To our knowledge, up until now there has been no scientific literature on monitoring data for nicotinic acid or trigonelline in aquatic environment, in contrast to the wide-ranging information concerning the occurrence, persistence and fate of many pharmaceuticals and emergent contaminants in the environment processes (Martínez Bueno et al., 2010, Huerta-Fontela et al., 2007, Huerta-Fontela et al., 2008, Castiglioni et al., 2006, Ternes, 1998), as is the case for nicotine, cotinine, caffeine and paraxanthine. The analysis of these compounds in aqueous environmental samples has been performed using different methodologies, such as enzyme-linked immunosorbent assay (Nicolardi et al., submitted for pub), gas chromatography-mass spectrometry (GC-MS) (Buerge et al., 2003, Weigel et al., 2004, Gómez et al., 2007) or liquid chromatography-mass spectrometry (LC-MS) (Buerge et al., 2008, Martínez Bueno et al., 2010, Huerta-Fontela et al., 2007, Huerta-Fontela et al., 2008, Castiglioni et al., 2006, Ternes, 1998).

The continuing advances in analytical instrumentation, detection systems and separation techniques have provided analytical tools to reduce the treatment and pre-concentration of the sample, that allows very low detection limits (LODs).
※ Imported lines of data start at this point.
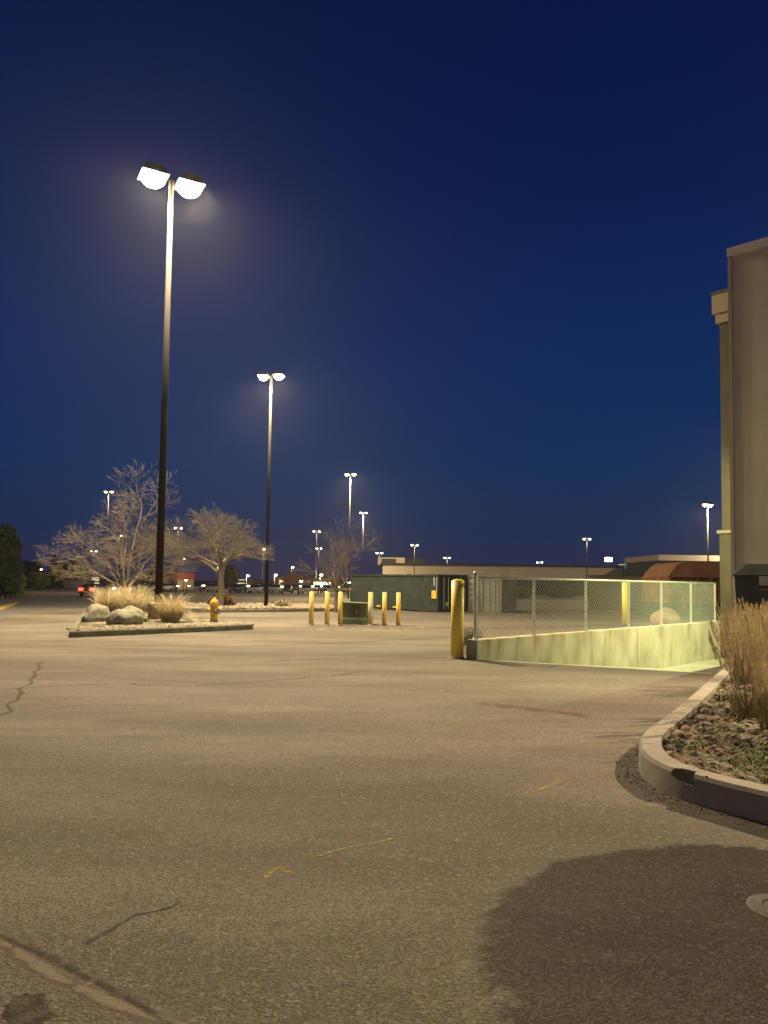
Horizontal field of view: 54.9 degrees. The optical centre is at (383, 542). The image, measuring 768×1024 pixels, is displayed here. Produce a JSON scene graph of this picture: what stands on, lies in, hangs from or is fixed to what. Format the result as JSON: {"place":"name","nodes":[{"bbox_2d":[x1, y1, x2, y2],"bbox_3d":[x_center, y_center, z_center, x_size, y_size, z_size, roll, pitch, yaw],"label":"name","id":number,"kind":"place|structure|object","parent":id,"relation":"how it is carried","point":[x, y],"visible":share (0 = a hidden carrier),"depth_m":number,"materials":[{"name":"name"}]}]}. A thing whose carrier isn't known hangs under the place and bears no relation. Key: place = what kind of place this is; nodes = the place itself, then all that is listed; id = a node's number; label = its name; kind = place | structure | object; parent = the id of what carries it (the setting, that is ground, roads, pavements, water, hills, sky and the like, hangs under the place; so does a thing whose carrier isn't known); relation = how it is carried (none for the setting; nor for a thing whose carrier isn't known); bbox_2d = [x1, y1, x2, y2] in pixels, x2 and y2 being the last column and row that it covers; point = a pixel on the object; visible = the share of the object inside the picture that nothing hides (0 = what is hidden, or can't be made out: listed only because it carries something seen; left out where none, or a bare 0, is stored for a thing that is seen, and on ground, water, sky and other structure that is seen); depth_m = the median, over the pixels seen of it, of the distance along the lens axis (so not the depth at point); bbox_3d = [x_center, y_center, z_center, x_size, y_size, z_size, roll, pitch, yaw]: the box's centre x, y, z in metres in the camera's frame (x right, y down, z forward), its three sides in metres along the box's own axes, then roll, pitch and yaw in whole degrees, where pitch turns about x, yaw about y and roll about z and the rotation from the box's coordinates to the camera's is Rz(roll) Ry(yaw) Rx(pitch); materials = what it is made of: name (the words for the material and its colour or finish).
{"place":"outdoors","nodes":[
{"label":"outdoors","id":0,"kind":"place"},
{"bbox_2d":[89,586,130,612],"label":"ornamental grass","id":1,"kind":"object","parent":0,"point":[103,602],"depth_m":28.41,"materials":[{"name":"plant"}]},
{"bbox_2d":[88,577,137,588],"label":"shop building","id":2,"kind":"structure","parent":0,"point":[102,583],"depth_m":149.69,"materials":[{"name":"beige"}]},
{"bbox_2d":[101,583,154,609],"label":"ornamental grass","id":3,"kind":"object","parent":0,"point":[132,600],"depth_m":28.10,"materials":[{"name":"plant"}]},
{"bbox_2d":[0,596,256,619],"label":"road","id":4,"kind":"structure","parent":0,"point":[36,603],"depth_m":60.87,"materials":[{"name":"asphalt"}]},
{"bbox_2d":[78,584,107,596],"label":"parked car","id":5,"kind":"object","parent":4,"relation":"on","point":[83,589],"visible":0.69,"depth_m":81.12,"materials":[{"name":"red"}]},
{"bbox_2d":[145,593,198,621],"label":"ornamental grass","id":6,"kind":"object","parent":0,"point":[167,611],"depth_m":23.19,"materials":[{"name":"plant"}]},
{"bbox_2d":[153,572,194,588],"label":"shop building","id":7,"kind":"structure","parent":0,"point":[190,577],"depth_m":155.35,"materials":[{"name":"beige"}]},
{"bbox_2d":[237,579,275,584],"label":"shop building","id":8,"kind":"structure","parent":0,"point":[242,581],"depth_m":184.33,"materials":[{"name":"grey"}]},
{"bbox_2d":[33,585,588,602],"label":"parking lot","id":9,"kind":"structure","parent":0,"point":[195,592],"depth_m":106.21,"materials":[{"name":"asphalt"}]},
{"bbox_2d":[45,555,63,587],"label":"conifer tree","id":10,"kind":"object","parent":9,"relation":"on","point":[58,582],"visible":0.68,"depth_m":148.85,"materials":[{"name":"green plant"}]},
{"bbox_2d":[59,559,91,579],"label":"evergreen tree","id":11,"kind":"object","parent":9,"relation":"on","point":[66,566],"visible":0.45,"depth_m":157.90,"materials":[{"name":"green plant"}]},
{"bbox_2d":[62,580,94,587],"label":"boundary wall","id":12,"kind":"structure","parent":9,"relation":"on","point":[68,583],"depth_m":149.57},
{"bbox_2d":[104,490,113,586],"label":"street lamp","id":13,"kind":"object","parent":9,"relation":"on","point":[106,491],"visible":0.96,"depth_m":104.21,"materials":[{"name":"grey"}]},
{"bbox_2d":[224,564,239,588],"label":"conifer tree","id":14,"kind":"object","parent":9,"relation":"on","point":[231,576],"visible":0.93,"depth_m":168.84,"materials":[{"name":"green plant"}]},
{"bbox_2d":[228,584,245,592],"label":"parked car","id":15,"kind":"object","parent":9,"relation":"on","point":[237,587],"visible":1,"depth_m":118.98,"materials":[{"name":"grey"}]},
{"bbox_2d":[248,584,262,592],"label":"parked car","id":16,"kind":"object","parent":9,"relation":"on","point":[255,587],"visible":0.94,"depth_m":118.14,"materials":[{"name":"grey"}]},
{"bbox_2d":[268,584,281,592],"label":"parked car","id":17,"kind":"object","parent":9,"relation":"on","point":[274,587],"visible":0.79,"depth_m":123.22,"materials":[{"name":"grey"}]},
{"bbox_2d":[299,585,313,593],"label":"parked car","id":18,"kind":"object","parent":9,"relation":"on","point":[304,588],"visible":0.77,"depth_m":116.88,"materials":[{"name":"grey"}]},
{"bbox_2d":[308,578,350,587],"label":"shop building","id":19,"kind":"structure","parent":9,"relation":"on","point":[341,581],"depth_m":174.38,"materials":[{"name":"grey"}]},
{"bbox_2d":[345,472,355,598],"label":"street lamp","id":20,"kind":"object","parent":9,"relation":"on","point":[352,473],"visible":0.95,"depth_m":88.20,"materials":[{"name":"grey"}]},
{"bbox_2d":[380,563,622,594],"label":"long store","id":21,"kind":"structure","parent":9,"relation":"on","point":[560,571],"depth_m":149.91,"materials":[{"name":"grey"}]},
{"bbox_2d":[378,557,424,564],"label":"roof unit","id":22,"kind":"structure","parent":21,"relation":"on","point":[390,560],"depth_m":154.04,"materials":[{"name":"grey"}]},
{"bbox_2d":[517,586,531,597],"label":"shrub","id":23,"kind":"object","parent":9,"relation":"on","point":[523,591],"visible":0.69,"depth_m":108.78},
{"bbox_2d":[517,600,588,601],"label":"island kerb","id":24,"kind":"structure","parent":9,"relation":"on","point":[552,600],"depth_m":87.46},
{"bbox_2d":[535,586,583,597],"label":"shrub","id":25,"kind":"object","parent":9,"relation":"on","point":[544,590],"visible":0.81,"depth_m":112.17,"materials":[{"name":"plant"}]},
{"bbox_2d":[625,555,719,574],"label":"raised annex","id":26,"kind":"object","parent":9,"relation":"on","point":[641,565],"visible":0.26,"depth_m":122.27,"materials":[{"name":"grey"}]},
{"bbox_2d":[0,579,767,1023],"bbox_3d":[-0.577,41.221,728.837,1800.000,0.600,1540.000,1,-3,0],"label":"ground","id":27,"kind":"structure","parent":0,"point":[202,799],"depth_m":4.22,"materials":[{"name":"asphalt"}]},
{"bbox_2d":[0,522,25,598],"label":"evergreen tree","id":28,"kind":"object","parent":27,"relation":"on","point":[12,568],"visible":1,"depth_m":69.38,"materials":[{"name":"green plant"}]},
{"bbox_2d":[12,573,27,597],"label":"evergreen tree","id":29,"kind":"object","parent":27,"relation":"on","point":[23,577],"visible":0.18,"depth_m":73.87,"materials":[{"name":"green plant"}]},
{"bbox_2d":[7,587,46,596],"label":"verge","id":30,"kind":"structure","parent":27,"relation":"on","point":[29,591],"depth_m":105.96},
{"bbox_2d":[22,559,43,587],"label":"evergreen tree","id":31,"kind":"object","parent":30,"relation":"on","point":[32,566],"visible":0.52,"depth_m":138.74,"materials":[{"name":"green plant"}]},
{"bbox_2d":[26,570,50,589],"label":"shrub","id":32,"kind":"object","parent":30,"relation":"on","point":[39,580],"visible":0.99,"depth_m":118.94,"materials":[{"name":"plant"}]},
{"bbox_2d":[1,992,53,1023],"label":"oil stain","id":33,"kind":"object","parent":27,"relation":"on","point":[26,1008],"visible":1,"depth_m":2.48,"materials":[{"name":"asphalt"}]},
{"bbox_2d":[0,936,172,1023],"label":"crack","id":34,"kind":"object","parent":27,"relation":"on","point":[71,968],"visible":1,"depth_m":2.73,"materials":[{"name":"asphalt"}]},
{"bbox_2d":[0,935,188,1023],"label":"gutter","id":35,"kind":"object","parent":27,"relation":"on","point":[35,963],"visible":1,"depth_m":2.61,"materials":[{"name":"concrete"}]},
{"bbox_2d":[87,904,175,942],"bbox_3d":[-1.071,1.606,3.140,0.092,0.001,0.509,-1,-4,35],"label":"crack","id":36,"kind":"object","parent":27,"relation":"on","point":[93,939],"visible":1,"depth_m":3.15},
{"bbox_2d":[140,568,155,587],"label":"evergreen tree","id":37,"kind":"object","parent":27,"relation":"on","point":[148,583],"visible":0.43,"depth_m":168.52,"materials":[{"name":"green plant"}]},
{"bbox_2d":[78,611,241,626],"bbox_3d":[-10.822,3.242,33.477,5.255,0.553,30.406,2,-3,-20],"label":"island bed","id":38,"kind":"object","parent":27,"relation":"on","point":[196,617],"visible":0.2,"depth_m":23.68,"materials":[{"name":"gravel"}]},
{"bbox_2d":[81,603,109,621],"bbox_3d":[-9.004,2.241,23.121,0.899,0.662,0.843,3,-4,-41],"label":"boulder","id":39,"kind":"object","parent":38,"relation":"on","point":[96,612],"visible":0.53,"depth_m":22.82,"materials":[{"name":"stone"}]},
{"bbox_2d":[35,460,199,600],"bbox_3d":[-11.533,-0.296,32.830,7.087,7.020,6.304,3,-4,-30],"label":"bare tree","id":40,"kind":"object","parent":38,"relation":"on","point":[121,559],"visible":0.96,"depth_m":32.70,"materials":[{"name":"brown plant"}]},
{"bbox_2d":[106,605,144,624],"bbox_3d":[-7.577,2.189,21.755,1.067,0.653,0.911,4,-4,-43],"label":"boulder","id":41,"kind":"object","parent":38,"relation":"on","point":[129,614],"visible":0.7,"depth_m":21.45,"materials":[{"name":"stone"}]},
{"bbox_2d":[66,621,254,630],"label":"gravel","id":42,"kind":"structure","parent":38,"relation":"on","point":[105,627],"depth_m":20.18,"materials":[{"name":"gravel"}]},
{"bbox_2d":[137,161,204,619],"bbox_3d":[-7.596,-5.158,25.638,2.170,15.760,0.920,3,-4,-30],"label":"street lamp","id":43,"kind":"object","parent":38,"relation":"on","point":[156,175],"visible":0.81,"depth_m":25.55,"materials":[{"name":"brown"}]},
{"bbox_2d":[207,597,220,622],"bbox_3d":[-5.367,2.183,23.401,0.420,0.882,0.428,2,-3,-20],"label":"fire hydrant","id":44,"kind":"object","parent":38,"relation":"on","point":[214,610],"visible":0.83,"depth_m":23.33,"materials":[{"name":"metal"}]},
{"bbox_2d":[69,609,252,637],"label":"island kerb","id":45,"kind":"structure","parent":27,"relation":"on","point":[99,633],"depth_m":19.69,"materials":[{"name":"concrete"}]},
{"bbox_2d":[187,609,337,612],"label":"kerb","id":46,"kind":"structure","parent":27,"relation":"on","point":[262,610],"depth_m":41.62,"materials":[{"name":"concrete"}]},
{"bbox_2d":[280,572,312,584],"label":"building","id":47,"kind":"structure","parent":27,"relation":"on","point":[291,578],"depth_m":173.12,"materials":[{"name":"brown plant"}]},
{"bbox_2d":[308,591,313,625],"bbox_3d":[-2.384,2.184,24.293,0.220,1.140,0.220,1,-3,0],"label":"bollard","id":48,"kind":"object","parent":27,"relation":"on","point":[311,606],"visible":0.94,"depth_m":24.23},
{"bbox_2d":[324,591,329,625],"bbox_3d":[-1.876,2.197,24.415,0.220,1.140,0.220,1,-3,0],"label":"bollard","id":49,"kind":"object","parent":27,"relation":"on","point":[327,598],"visible":0.93,"depth_m":24.35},
{"bbox_2d":[290,514,383,611],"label":"bare tree","id":50,"kind":"object","parent":27,"relation":"on","point":[337,588],"visible":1,"depth_m":43.80,"materials":[{"name":"brown plant"}]},
{"bbox_2d":[337,592,342,625],"bbox_3d":[-1.447,2.209,24.517,0.220,1.140,0.220,1,-3,0],"label":"bollard","id":51,"kind":"object","parent":27,"relation":"on","point":[340,604],"visible":0.97,"depth_m":24.46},
{"bbox_2d":[313,838,393,856],"bbox_3d":[-0.164,1.667,4.042,0.671,0.001,0.087,3,-4,-37],"label":"faded arrow marking","id":52,"kind":"object","parent":27,"relation":"on","point":[383,840],"visible":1,"depth_m":4.09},
{"bbox_2d":[342,601,367,624],"bbox_3d":[-0.982,2.439,25.499,1.000,0.760,0.875,0,-3,8],"label":"transformer box","id":53,"kind":"object","parent":27,"relation":"on","point":[355,613],"visible":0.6,"depth_m":25.10,"materials":[{"name":"metal"}]},
{"bbox_2d":[367,592,373,625],"bbox_3d":[-0.451,2.236,24.756,0.240,1.140,0.240,1,-3,0],"label":"bollard","id":54,"kind":"object","parent":27,"relation":"on","point":[370,608],"visible":0.94,"depth_m":24.69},
{"bbox_2d":[381,592,386,625],"bbox_3d":[0.016,2.249,24.868,0.220,1.140,0.220,1,-3,0],"label":"bollard","id":55,"kind":"object","parent":27,"relation":"on","point":[384,608],"visible":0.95,"depth_m":24.81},
{"bbox_2d":[395,592,400,625],"bbox_3d":[0.487,2.261,24.981,0.220,1.140,0.220,1,-3,0],"label":"bollard","id":56,"kind":"object","parent":27,"relation":"on","point":[398,607],"visible":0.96,"depth_m":24.92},
{"bbox_2d":[350,574,466,611],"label":"shipping container","id":57,"kind":"object","parent":27,"relation":"on","point":[425,592],"visible":0.88,"depth_m":53.74,"materials":[{"name":"green metal"}]},
{"bbox_2d":[440,577,451,609],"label":"door","id":58,"kind":"structure","parent":57,"relation":"in","point":[443,580],"depth_m":51.24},
{"bbox_2d":[311,625,595,629],"bbox_3d":[3.133,2.819,24.466,13.483,0.001,2.606,2,-3,-24],"label":"concrete gutter","id":59,"kind":"object","parent":27,"relation":"on","point":[447,626],"visible":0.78,"depth_m":24.04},
{"bbox_2d":[449,579,464,658],"bbox_3d":[1.427,1.494,14.365,0.320,1.550,0.320,1,-3,0],"label":"bollard","id":60,"kind":"object","parent":27,"relation":"on","point":[457,618],"visible":0.96,"depth_m":14.27,"materials":[{"name":"metal"}]},
{"bbox_2d":[464,625,484,649],"bbox_3d":[1.854,2.030,15.747,0.666,0.591,0.629,-2,-4,44],"label":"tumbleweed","id":61,"kind":"object","parent":27,"relation":"on","point":[467,636],"visible":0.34,"depth_m":15.71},
{"bbox_2d":[466,575,516,612],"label":"shipping container","id":62,"kind":"object","parent":27,"relation":"on","point":[470,593],"visible":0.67,"depth_m":52.20,"materials":[{"name":"grey"}]},
{"bbox_2d":[468,578,483,609],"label":"door","id":63,"kind":"structure","parent":62,"relation":"in","point":[481,594],"depth_m":52.20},
{"bbox_2d":[484,579,498,610],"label":"door","id":64,"kind":"structure","parent":62,"relation":"in","point":[496,589],"depth_m":51.80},
{"bbox_2d":[466,621,720,667],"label":"dock wall","id":65,"kind":"structure","parent":27,"relation":"on","point":[661,646],"depth_m":18.10,"materials":[{"name":"concrete"}]},
{"bbox_2d":[472,571,716,639],"bbox_3d":[6.131,1.530,18.892,0.110,1.320,12.740,-2,-4,44],"label":"chain link fence","id":66,"kind":"object","parent":65,"relation":"on","point":[476,577],"visible":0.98,"depth_m":17.46,"materials":[{"name":"silver metal"}]},
{"bbox_2d":[621,582,627,623],"bbox_3d":[9.221,2.320,28.243,0.330,1.620,0.330,1,-3,0],"label":"bollard","id":67,"kind":"object","parent":27,"relation":"on","point":[623,594],"visible":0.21,"depth_m":28.14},
{"bbox_2d":[551,657,729,671],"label":"loading ramp","id":68,"kind":"structure","parent":27,"relation":"on","point":[700,665],"depth_m":20.44,"materials":[{"name":"concrete"}]},
{"bbox_2d":[476,659,710,673],"bbox_3d":[3.616,2.213,13.227,4.100,0.001,0.138,-1,-3,25],"label":"ramp edge","id":69,"kind":"object","parent":68,"relation":"on","point":[595,666],"visible":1,"depth_m":13.16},
{"bbox_2d":[631,620,718,624],"bbox_3d":[13.766,3.536,32.840,1.908,0.236,13.516,-1,-4,35],"label":"concrete pad","id":70,"kind":"object","parent":27,"relation":"on","point":[683,621],"visible":0.39,"depth_m":32.39,"materials":[{"name":"concrete"}]},
{"bbox_2d":[650,607,680,624],"bbox_3d":[10.538,2.820,27.706,0.947,0.767,1.225,3,-4,-40],"label":"boulder","id":71,"kind":"object","parent":70,"relation":"on","point":[667,617],"visible":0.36,"depth_m":27.43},
{"bbox_2d":[642,561,719,615],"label":"rusty container","id":72,"kind":"object","parent":27,"relation":"on","point":[703,571],"visible":0.64,"depth_m":49.97,"materials":[{"name":"metal"}]},
{"bbox_2d":[615,740,765,824],"bbox_3d":[3.097,1.689,3.637,1.371,0.009,6.657,2,-3,-22],"label":"kerb rubble","id":73,"kind":"object","parent":27,"relation":"on","point":[637,750],"visible":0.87,"depth_m":5.31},
{"bbox_2d":[639,665,767,823],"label":"planter kerb","id":74,"kind":"structure","parent":27,"relation":"on","point":[661,769],"depth_m":5.10,"materials":[{"name":"concrete"}]},
{"bbox_2d":[662,671,767,784],"bbox_3d":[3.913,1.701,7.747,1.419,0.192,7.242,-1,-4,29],"label":"dry grass litter","id":75,"kind":"object","parent":74,"relation":"in","point":[757,778],"visible":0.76,"depth_m":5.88,"materials":[{"name":"plant"}]},
{"bbox_2d":[670,730,687,740],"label":"river rock","id":76,"kind":"object","parent":75,"relation":"on","point":[679,735],"visible":0.65,"depth_m":6.43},
{"bbox_2d":[672,755,690,764],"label":"river rock","id":77,"kind":"object","parent":75,"relation":"on","point":[679,758],"visible":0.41,"depth_m":5.55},
{"bbox_2d":[682,744,702,751],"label":"river rock","id":78,"kind":"object","parent":75,"relation":"on","point":[689,748],"visible":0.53,"depth_m":5.89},
{"bbox_2d":[688,759,706,768],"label":"river rock","id":79,"kind":"object","parent":75,"relation":"on","point":[700,763],"visible":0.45,"depth_m":5.40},
{"bbox_2d":[689,751,707,761],"bbox_3d":[2.384,1.645,5.601,0.132,0.086,0.159,7,11,22],"label":"river rock","id":80,"kind":"object","parent":75,"relation":"on","point":[701,757],"visible":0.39,"depth_m":5.60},
{"bbox_2d":[703,744,724,754],"bbox_3d":[2.654,1.666,5.947,0.154,0.086,0.174,12,-3,9],"label":"river rock","id":81,"kind":"object","parent":75,"relation":"on","point":[714,749],"visible":0.67,"depth_m":5.88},
{"bbox_2d":[706,761,732,770],"bbox_3d":[2.459,1.638,5.416,0.190,0.069,0.133,3,12,45],"label":"river rock","id":82,"kind":"object","parent":75,"relation":"on","point":[717,763],"visible":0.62,"depth_m":5.39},
{"bbox_2d":[700,725,739,734],"bbox_3d":[3.051,1.711,6.702,0.390,0.080,0.370,-2,-4,44],"label":"weed","id":83,"kind":"object","parent":75,"relation":"on","point":[712,731],"visible":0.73,"depth_m":6.69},
{"bbox_2d":[710,692,733,701],"bbox_3d":[3.975,1.814,8.634,0.459,0.104,0.466,1,-3,0],"label":"weed","id":84,"kind":"object","parent":75,"relation":"on","point":[723,696],"visible":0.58,"depth_m":8.61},
{"bbox_2d":[708,756,740,766],"bbox_3d":[2.573,1.649,5.546,0.330,0.055,0.279,3,-4,-34],"label":"weed","id":85,"kind":"object","parent":75,"relation":"on","point":[728,760],"visible":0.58,"depth_m":5.57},
{"bbox_2d":[721,772,747,779],"bbox_3d":[2.401,1.614,5.057,0.225,0.073,0.148,7,-1,1],"label":"river rock","id":86,"kind":"object","parent":75,"relation":"on","point":[740,776],"visible":0.29,"depth_m":5.04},
{"bbox_2d":[707,600,767,721],"bbox_3d":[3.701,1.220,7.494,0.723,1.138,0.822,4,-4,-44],"label":"reed grass","id":87,"kind":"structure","parent":75,"relation":"on","point":[737,700],"depth_m":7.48,"materials":[{"name":"plant"}]},
{"bbox_2d":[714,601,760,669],"bbox_3d":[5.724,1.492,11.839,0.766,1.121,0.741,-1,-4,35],"label":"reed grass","id":88,"kind":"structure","parent":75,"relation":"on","point":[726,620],"depth_m":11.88,"materials":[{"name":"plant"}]},
{"bbox_2d":[729,722,746,732],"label":"river rock","id":89,"kind":"object","parent":75,"relation":"on","point":[739,728],"visible":0.69,"depth_m":6.80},
{"bbox_2d":[722,740,761,752],"bbox_3d":[2.886,1.667,5.991,0.438,0.086,0.396,1,-3,0],"label":"weed","id":90,"kind":"object","parent":75,"relation":"on","point":[736,743],"visible":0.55,"depth_m":5.99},
{"bbox_2d":[728,744,767,762],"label":"weed","id":91,"kind":"object","parent":75,"relation":"on","point":[758,753],"visible":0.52,"depth_m":5.70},
{"bbox_2d":[729,755,767,773],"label":"weed","id":92,"kind":"object","parent":75,"relation":"on","point":[751,762],"visible":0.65,"depth_m":5.43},
{"bbox_2d":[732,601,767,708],"bbox_3d":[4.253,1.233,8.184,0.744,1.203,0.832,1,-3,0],"label":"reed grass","id":93,"kind":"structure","parent":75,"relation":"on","point":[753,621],"depth_m":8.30,"materials":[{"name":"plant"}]},
{"bbox_2d":[734,596,766,680],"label":"reed grass","id":94,"kind":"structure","parent":75,"relation":"on","point":[763,607],"depth_m":10.34,"materials":[{"name":"plant"}]},
{"bbox_2d":[740,738,767,752],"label":"weed","id":95,"kind":"object","parent":75,"relation":"on","point":[753,745],"visible":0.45,"depth_m":6.03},
{"bbox_2d":[745,615,767,733],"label":"reed grass","id":96,"kind":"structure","parent":75,"relation":"on","point":[758,674],"depth_m":6.70,"materials":[{"name":"plant"}]},
{"bbox_2d":[701,502,713,560],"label":"street lamp","id":97,"kind":"object","parent":27,"relation":"on","point":[707,504],"visible":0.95,"depth_m":72.11,"materials":[{"name":"grey"}]},
{"bbox_2d":[710,288,730,656],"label":"dock wing","id":98,"kind":"structure","parent":27,"relation":"on","point":[720,305],"depth_m":23.60,"materials":[{"name":"metal"}]},
{"bbox_2d":[727,237,767,651],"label":"store building","id":99,"kind":"structure","parent":27,"relation":"on","point":[748,332],"depth_m":14.21,"materials":[{"name":"paint"}]},
{"bbox_2d":[731,564,767,656],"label":"dumpster","id":100,"kind":"object","parent":27,"relation":"on","point":[750,583],"visible":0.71,"depth_m":12.11,"materials":[{"name":"metal"}]},
{"bbox_2d":[746,894,767,918],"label":"utility cover","id":101,"kind":"object","parent":27,"relation":"on","point":[757,904],"visible":1,"depth_m":3.38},
{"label":"rear bed","id":102,"kind":"structure","parent":27,"relation":"on","visible":0},
{"bbox_2d":[173,602,337,609],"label":"rock mulch","id":103,"kind":"object","parent":102,"relation":"on","point":[243,605],"visible":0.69,"depth_m":46.46,"materials":[{"name":"gravel"}]},
{"bbox_2d":[153,502,275,605],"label":"bare tree","id":104,"kind":"object","parent":103,"relation":"on","point":[222,564],"visible":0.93,"depth_m":45.67,"materials":[{"name":"brown plant"}]},
{"bbox_2d":[206,593,236,605],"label":"shrub","id":105,"kind":"object","parent":103,"relation":"on","point":[228,598],"visible":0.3,"depth_m":48.55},
{"bbox_2d":[275,599,290,606],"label":"shrub","id":106,"kind":"object","parent":103,"relation":"on","point":[282,602],"visible":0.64,"depth_m":48.51,"materials":[{"name":"plant"}]},
{"bbox_2d":[257,371,284,605],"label":"street lamp","id":107,"kind":"object","parent":102,"relation":"on","point":[265,375],"visible":0.98,"depth_m":49.24,"materials":[{"name":"brown"}]},
{"bbox_2d":[0,0,767,657],"label":"sky","id":108,"kind":"structure","parent":0,"point":[478,248],"materials":[{"name":"blue"}]},
{"bbox_2d":[588,575,643,611],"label":"screen wall","id":109,"kind":"structure","parent":0,"point":[611,602],"depth_m":60.66,"materials":[{"name":"paint"}]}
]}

However, most of the above methods generally require time-consuming sample preparation procedures, such as liquid–liquid extraction (LLE) or solid-phase extraction (SPE) (Buerge et al., 2003, Buerge et al., 2008, Martínez Bueno et al., 2010, Huerta-Fontela et al., 2007, Huerta-Fontela et al., 2008, Castiglioni et al., 2006, Ternes, 1998, Nicolardi et al., submitted for pub, Weigel et al., 2004) prior to analysis of the sample, which is often tedious and time consuming. Direct injection methods offer the advantage of reduced sample preparation steps and therefore improved reproducibility and minimized potential contamination of the sample. Nevertheless, to date, the direct analysis of wastewater without prior sample treatment has not come into widespread use because of typically low sensitivity with respect to the levels present in the aquatic environment.

The aim of this work was to develop and validate a rapid LC-MS/MS method by direct sample injection to determine and evaluate nicotine, caffeine and some of their transformation products, ubiquitous in the aquatic environment as possible anthropogenic tracers. For that, the direct injection of a sample into a liquid chromatography-linear ion trap mass spectrometry (LC-QqQLIT-MS/MS) system was the procedure developed in this study. The more demanding requirements regarding mass spectrometric confirmation currently set by EU regulations were taken into account in carrying out the confirmation and quantification of target compounds (Commission Decision (2002/657/EC), 2002).